Opinion for the Court filed Per Curiam.

PER CURIAM:

On May 5, 1987, after soliciting bids from outside contractors and comparing them with in-house cost estimates, the Naval Air Station in Jacksonville, Florida, tentatively awarded a contract to perform maintenance and repair work to Apex International Management Services, Inc. ("Apex”). Appellants, an international and a local union representing Federal employees and three of its members, filed an administrative appeal challenging the propriety of the Navy’s cost comparison. The appeals officer ultimately ruled in appellants’ favor, determining that the contract award should be cancelled and the work performed in-house. This determination was in turn reversed by the Chief of Naval Operations (“CNO”), Vice Admiral Stanley Arthur, who, after having his staff undertake its own cost comparison analysis, ordered award of the contract to Apex. The order was executed and reduction-in-force notices were served on the affected employees.
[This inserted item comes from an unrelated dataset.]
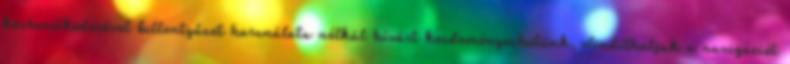
közreműködésével billentyűzet használata nélkül hívást kezdeményezhetünk, elindíthatjuk a navigációt
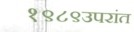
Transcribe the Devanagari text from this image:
१९८९उपरांत

Appellants then filed this suit in the United States District Court for the District of Columbia alleging a cause of action under the Administrative Procedure Act (“APA”), 5 U.S.C. §§ 551 et seq. (1988). They argued that the CNO’s review and reversal of the appeals officer’s decision violated Navy regulations. Appellants sought an order voiding the CNO’s action and reinstating the appeals officer’s decision. The District Court granted summary judgment for appellees. International Ass’n of Machinists v. Secretary of Navy, Civ. Action No. 88-1258 (D.D.C. June 2, 1988) (order), and id. (D.D.C. June 20, 1988) (memorandum), reprinted in Appellants’ Appendix at 27, 30. This appeal followed.

For the reasons which follow, we affirm the District Court’s judgment.
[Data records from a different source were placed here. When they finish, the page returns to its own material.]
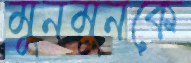
মুনমুনকে
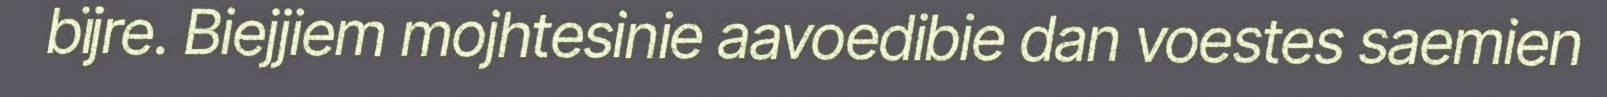
bïjre. Biejjiem mojhtesinie aavoedibie dan voestes saemien
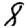
Digit: 8
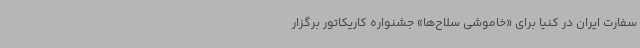
سفارت ایران در کنیا برای «خاموشی سلاح‌ها» جشنواره کاریکاتور برگزار

The Relevant Regulatory Framework

In August 1983, the Office of Management and Budget (“OMB”) issued OMB Circular No. A-76 (Revised) (Aug. 4, 1983) (“Circular A-76” or “Circular”), which directs Executive branch agencies to compare bids solicited from outside contractors with in-house estimates for work which may be performed by outside contractors; if the projected savings from contracting out amounts to at least ten percent of the *729 estimated in-house cost, the work must be contracted out. Circular A-76, paras. 1, 5 and Supp. Pt. I, Ch. 2, para. G. Circular A-76 also instructs each agency to establish administrative appeals procedures permitting all directly affected parties, including government unions and employees, to appeal a cost comparison decision to an impartial officer organizationally higher than the one who made or approved the original decision. Id., Supp. Pt. I, Ch. 2, para. 1.1, 1.3, 1.7. The Circular declares that the “original appeal decision shall be final unless the agency procedures provide for further discretionary review within the agency.” Id., Supp. Pt. I, Ch. 2, para. 1.3.

The March 1986 version of the Navy’s appeal procedures, which generally tracks the language of the August 1983 version of Circular A-76, is contained in OPNAV Instruction (“OPNAVINST”) 4860.7B (Mar. 18, 1986). Appellants claim that, under the applicable appeal procedures, the CNO has no authority to overturn a decision of an appeals officer. In support of this position, appellants rely on section 490.A of OPNA-VINST 4860.7B, which reads as follows:

The objective of the administrative appeal procedure is to ensure that Navy decisions are fair, equitable and per established policy. Appeal decisions are final and are not subject to review per established policy.

OPNAVINST 4860.7B, § 490.A (emphasis added).

Appellees’ Claims on Standing and Re-viewability

At the outset, appellees argue that there is no reviewable action before the court. First, appellees contend that appellants lack standing to bring this action, because they do not fall within the “zone of interests” protected by the statutes under which the Circular was issued. 1 Appellees also argue that the Navy’s decision whether to contract out or to continue performance in-house is not reviewable under the APA because it is committed to agency discretion by law. See 5 U.S.C. § 701(a)(2) (1988).

Subsequent to oral argument in this case, this court faced the same claims of lack of standing and unreviewability in National Federation of Federal Employees v. Cheney, 883 F.2d 1038 (D.C.Cir.1989), cert. denied, — U.S. -, 110 S.Ct. 3214, 110 L.Ed.2d 662 (1990). The dispute in NFFE focused on the merits of an Army decision to contract work out to a private contractor, and the court held that Federal employees and their representatives lacked standing to challenge the merits of such decisions. Id. at 1054. Because the court found no standing, the decision in NFFE does not address the question of justiciability under APA section 701(a)(2). Id.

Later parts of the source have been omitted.